Factors Binding to the Regulatory Region--
DNase I footprint
analysis was used to identify protein-binding sites in the
Ntr-1 gene regulatory region. Nuclear extracts were prepared
from N1E-115 cells that were either grown under control conditions or
treated with 1.5% Me2SO for 48 h.
32P-End-labeled promoter fragments were mixed with protein
from either control or induced cells, incubated on ice, treated with different concentrations of DNase I, phenol-extracted, and analyzed on
a sequencing gel (Fig. 8A).

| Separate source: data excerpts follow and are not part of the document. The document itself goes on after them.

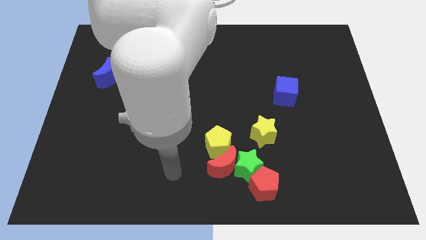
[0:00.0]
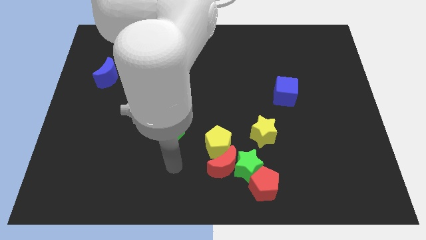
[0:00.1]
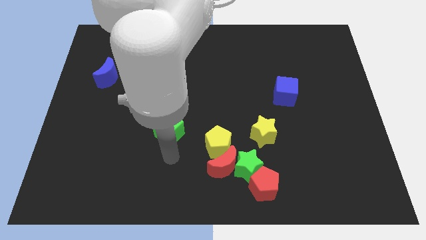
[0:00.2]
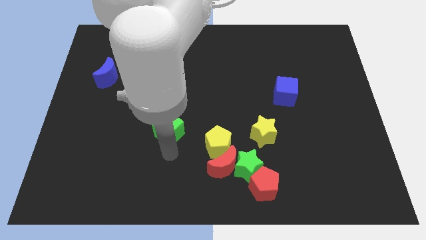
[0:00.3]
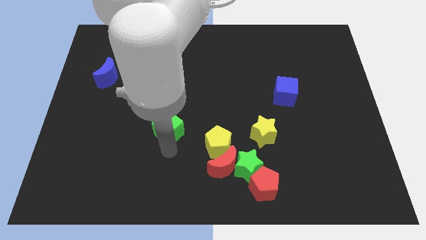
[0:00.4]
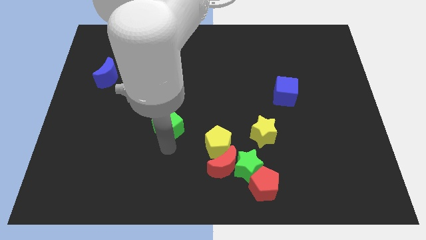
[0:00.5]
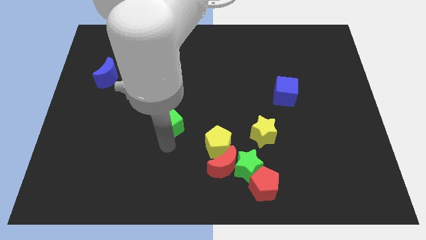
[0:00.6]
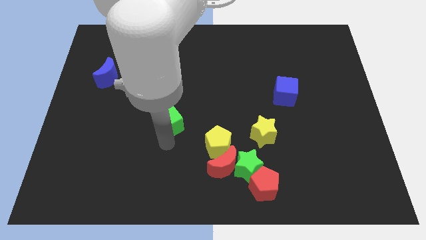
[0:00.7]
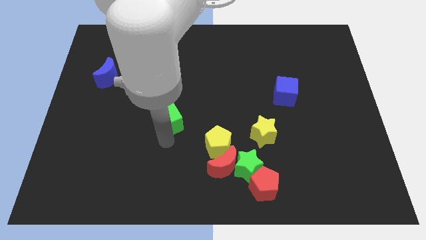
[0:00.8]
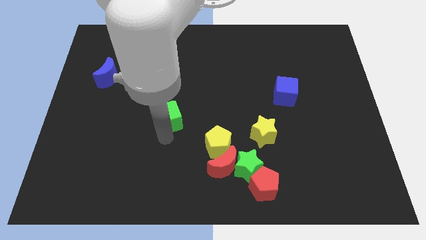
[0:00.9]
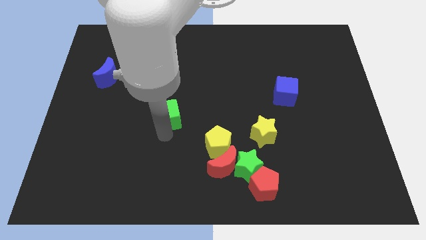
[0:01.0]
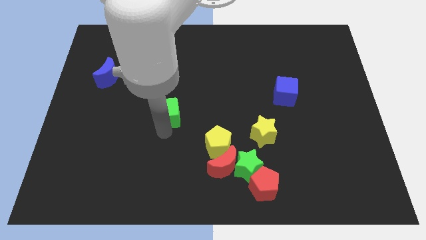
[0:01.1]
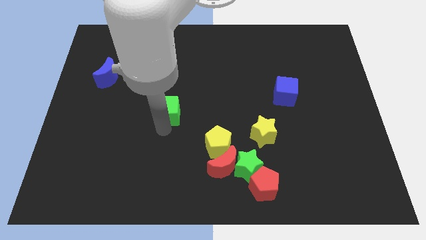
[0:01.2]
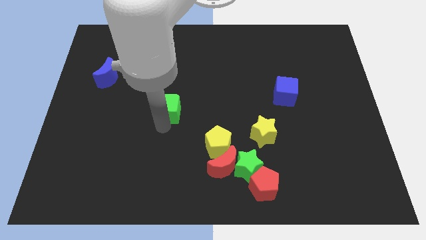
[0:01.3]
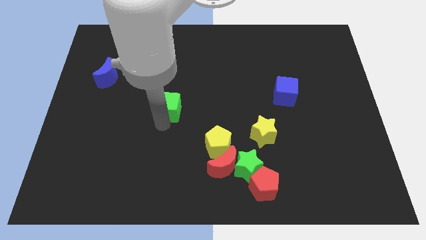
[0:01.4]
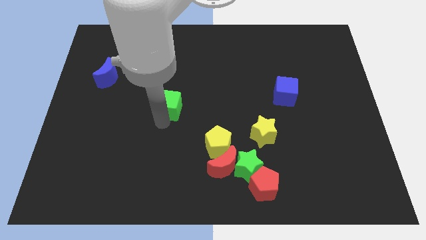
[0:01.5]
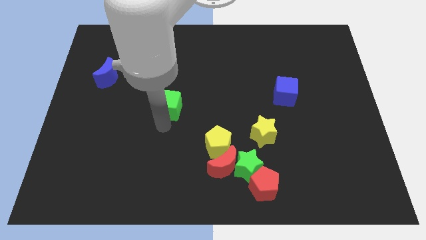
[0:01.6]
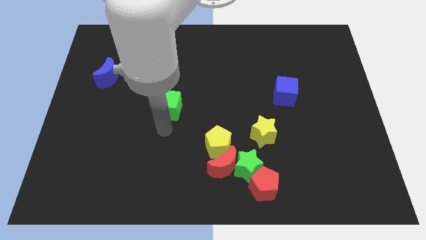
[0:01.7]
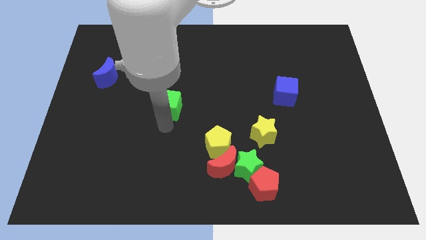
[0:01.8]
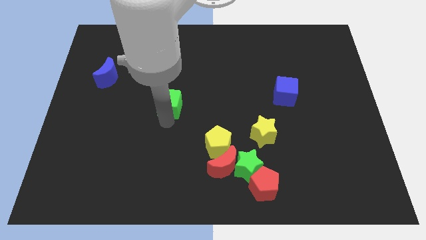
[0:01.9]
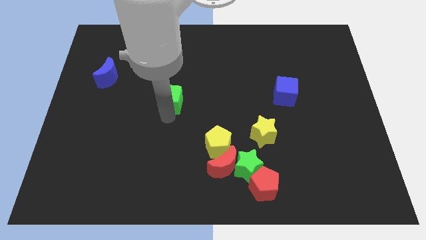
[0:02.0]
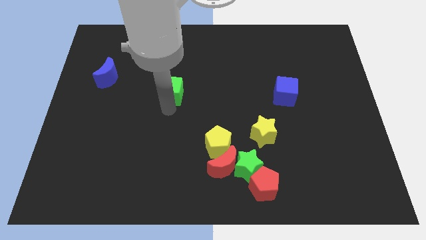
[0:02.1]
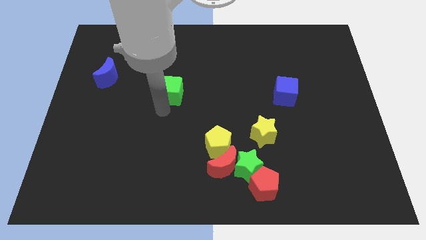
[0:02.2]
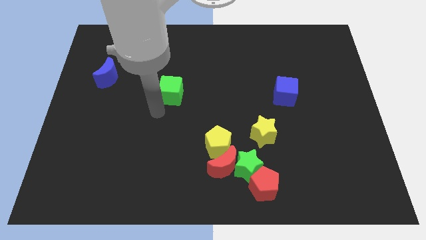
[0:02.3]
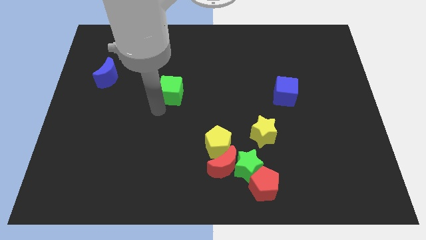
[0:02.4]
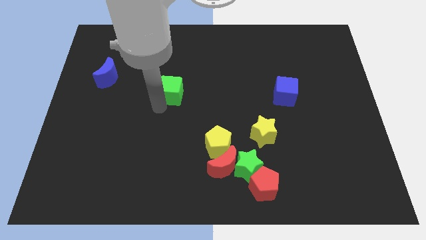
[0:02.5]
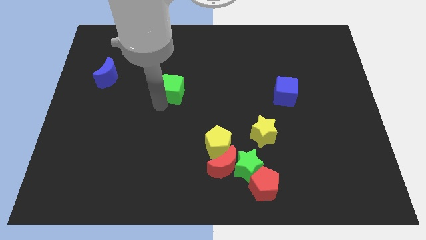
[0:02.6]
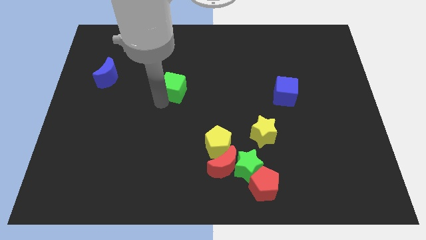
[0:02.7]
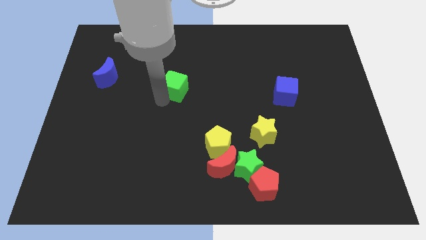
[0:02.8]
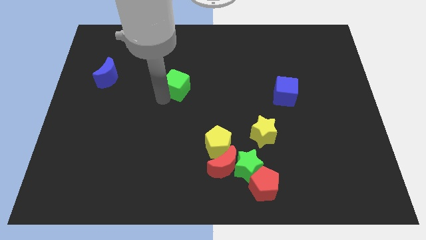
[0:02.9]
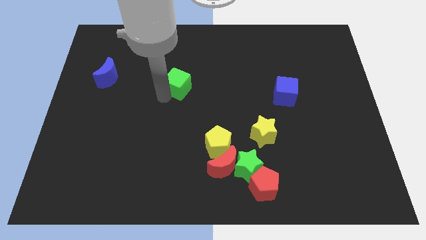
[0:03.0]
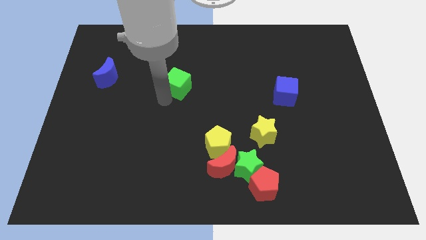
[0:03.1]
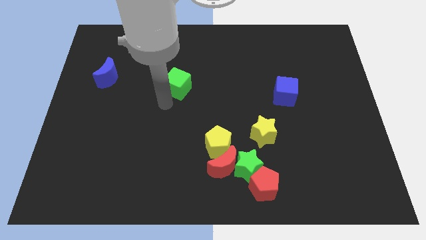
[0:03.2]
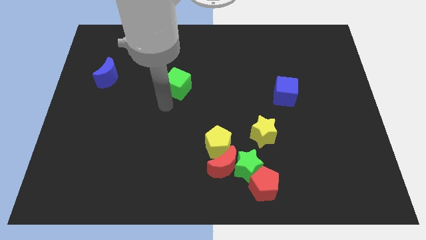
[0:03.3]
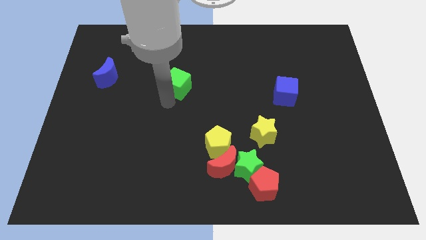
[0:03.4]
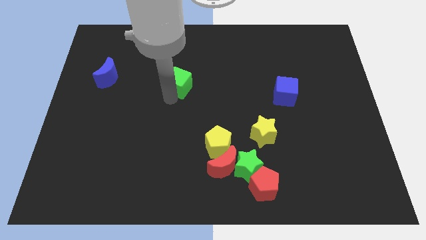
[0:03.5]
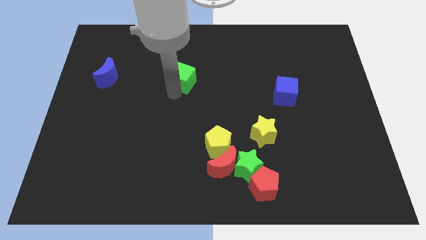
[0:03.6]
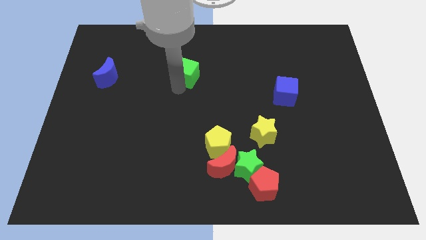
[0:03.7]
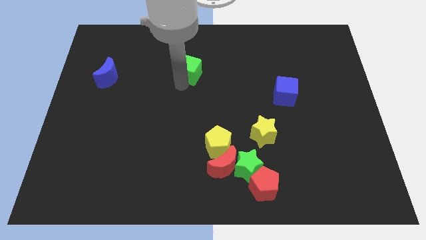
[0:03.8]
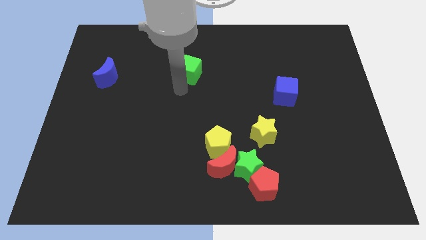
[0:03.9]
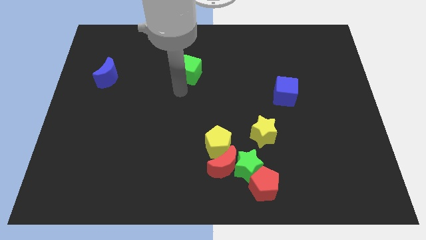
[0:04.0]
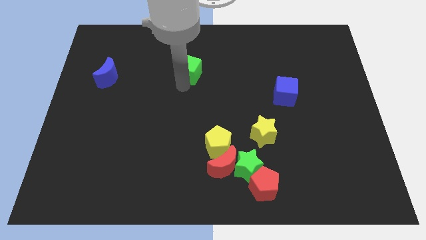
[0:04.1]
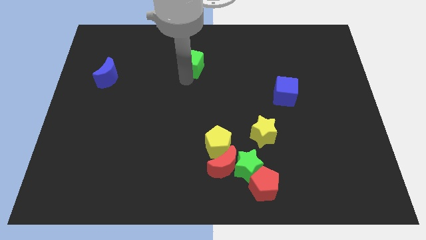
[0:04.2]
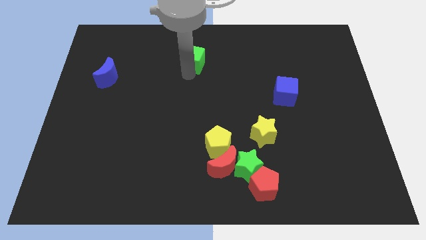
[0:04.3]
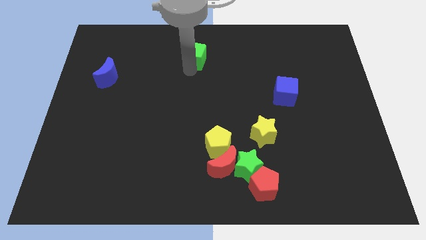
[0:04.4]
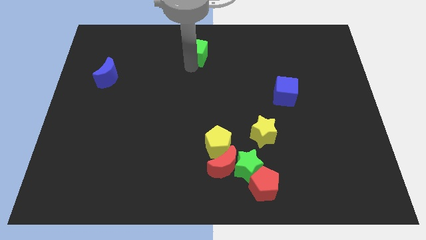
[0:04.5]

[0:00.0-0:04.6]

A
probe labeled at the BamHI site at 175 that extends to an
EcoRI site at 680 revealed that the functional promoter,
defined by the mutational analysis described above, is extensively
protected by nuclear extracts from Me2SO-induced cells
(Fig. 8A). The specific protections are indicated by
circles and fall into six footprinted regions
(FP1-6). Inducible or partially inducible protections are
represented by open and gray circles, respectively, and constitutively protected sites are represented by
black circles. Comparison of the patterns obtained with
Me2SO-induced and control N1E-115 nuclear extracts
indicates that FP1-3 and FP6 are induced by Me2SO; FP4 is
better protected by Me2SO-induced cell extracts, and FP5 is
constitutive. PC12 cell nuclear extract resulted in a protection
pattern that was nearly identical to that obtained with control N1E-115
cell extracts (data not shown), indicating that the pattern obtained
with uninduced control cell extracts is not cell type-specific. PC12
cells express no detectable NTR-1 mRNA (data not shown). A cluster
of constitutive hypersensitive sites (indicated by arrows in
Fig. 8A) was observed just downstream of a putative Sp1
site, indicating that this region is occupied in both
Me2SO-induced and control cells. The significance of FP5 and FP6 is uncertain since deletion of this region has no effect on
either basal expression or Me2SO induction. However, the
Me2SO-inducible footprints FP3 and FP4 lie over
functionally important sequences.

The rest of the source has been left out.